Of all patients with back pain, less than 2% will undergo surgery for a herniated disc in the lumbar spine. In back pain patients who also have leg pain (sciatica), doctors and therapists use a physical examination to estimate the probability that the pain is caused by a disc herniation, and to assist the selection of patients for imaging and surgery. We conducted a systematic review to summarize available information on the diagnostic value of different aspects of physical examination. We included 19 different studies in which a wide variety of tests were investigated, such as the straight leg raising test, absence of tendon reflexes, or muscle weakness. The results show that most individual tests carried out during physical examination are not very accurate in discriminating between patients who have, or do not have a herniated disc with sciatica. However, most of the studies were conducted in highly selected patients who had already been referred for surgery, and only one study was carried out in a primary care population. Furthermore, better diagnostic performance of physical examination may be expected when combinations of tests are used, including information from both the patient history and physical examination. However, more research is needed to investigate the performance of such test combinations.
When used in isolation, current evidence indicates poor diagnostic performance of most physical tests used to identify lumbar disc herniation. However, most findings arise from surgical populations and may not apply to primary care or non-selected populations. Better performance may be obtained when tests are combined.

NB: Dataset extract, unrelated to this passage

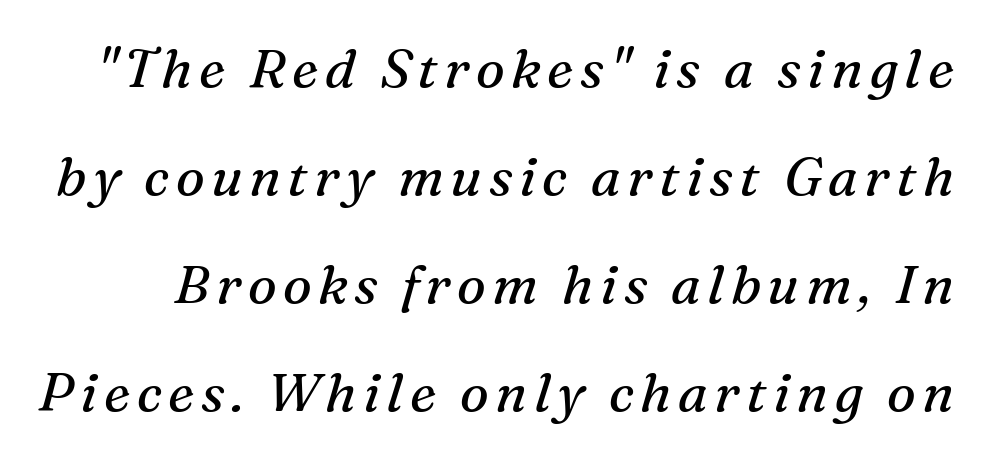
{"serif": "yes", "italic": "yes", "lean": "right", "slant_degrees": 16, "bold": "no", "weight": "regular", "width": "normal", "stroke_contrast": "medium", "x_height": "medium", "monospaced": "no", "underline": "no", "line_spacing": "loose", "line_spacing_ratio": 2.0, "glyph_px": 54}

Low-back pain with leg pain (sciatica) may be caused by a herniated intervertebral disc exerting pressure on the nerve root. Most patients will respond to conservative treatment, but in carefully selected patients, surgical discectomy may provide faster relief of symptoms. Primary care clinicians use patient history and physical examination to evaluate the likelihood of disc herniation and select patients for further imaging and possible surgery.
(1) To assess the performance of tests performed during physical examination (alone or in combination) to identify radiculopathy due to lower lumbar disc herniation in patients with low-back pain and sciatica;
(2) To assess the influence of sources of heterogeneity on diagnostic performance.
We searched electronic databases for primary studies: PubMed (includes MEDLINE), EMBASE, and CINAHL, and (systematic) reviews: PubMed and Medion (all from earliest until 30 April 2008), and checked references of retrieved articles.
We considered studies if they compared the results of tests performed during physical examination on patients with back pain with those of diagnostic imaging (MRI, CT, myelography) or findings at surgery.
Two review authors assessed the quality of each publication with the QUADAS tool, and extracted details on patient and study design characteristics, index tests and reference standard, and the diagnostic two-by-two table. We presented information on sensitivities and specificities with 95% confidence intervals (95% CI) for all aspects of physical examination. Pooled estimates of sensitivity and specificity were computed for subsets of studies showing sufficient clinical and statistical homogeneity.
We included 16 cohort studies (median N = 126, range 71 to 2504) and three case control studies (38 to100 cases). Only one study was carried out in a primary care population. When used in isolation, diagnostic performance of most physical tests (scoliosis, paresis or muscle weakness, muscle wasting, impaired reflexes, sensory deficits) was poor. Some tests (forward flexion, hyper-extension test, and slump test) performed slightly better, but the number of studies was small. In the one primary care study, most tests showed higher specificity and lower sensitivity compared to other settings.
Most studies assessed the Straight Leg Raising (SLR) test. In surgical populations, characterized by a high prevalence of disc herniation (58% to 98%), the SLR showed high sensitivity (pooled estimate 0.92, 95% CI: 0.87 to 0.95) with widely varying specificity (0.10 to 1.00, pooled estimate 0.28, 95% CI: 0.18 to 0.40). Results of studies using imaging showed more heterogeneity and poorer sensitivity. The crossed SLR showed high specificity (pooled estimate 0.90, 95% CI: 0.85 to 0.94) with consistently low sensitivity (pooled estimate 0.28, 95% CI: 0.22 to 0.35).
Combining positive test results increased the specificity of physical tests, but few studies presented data on test combinations.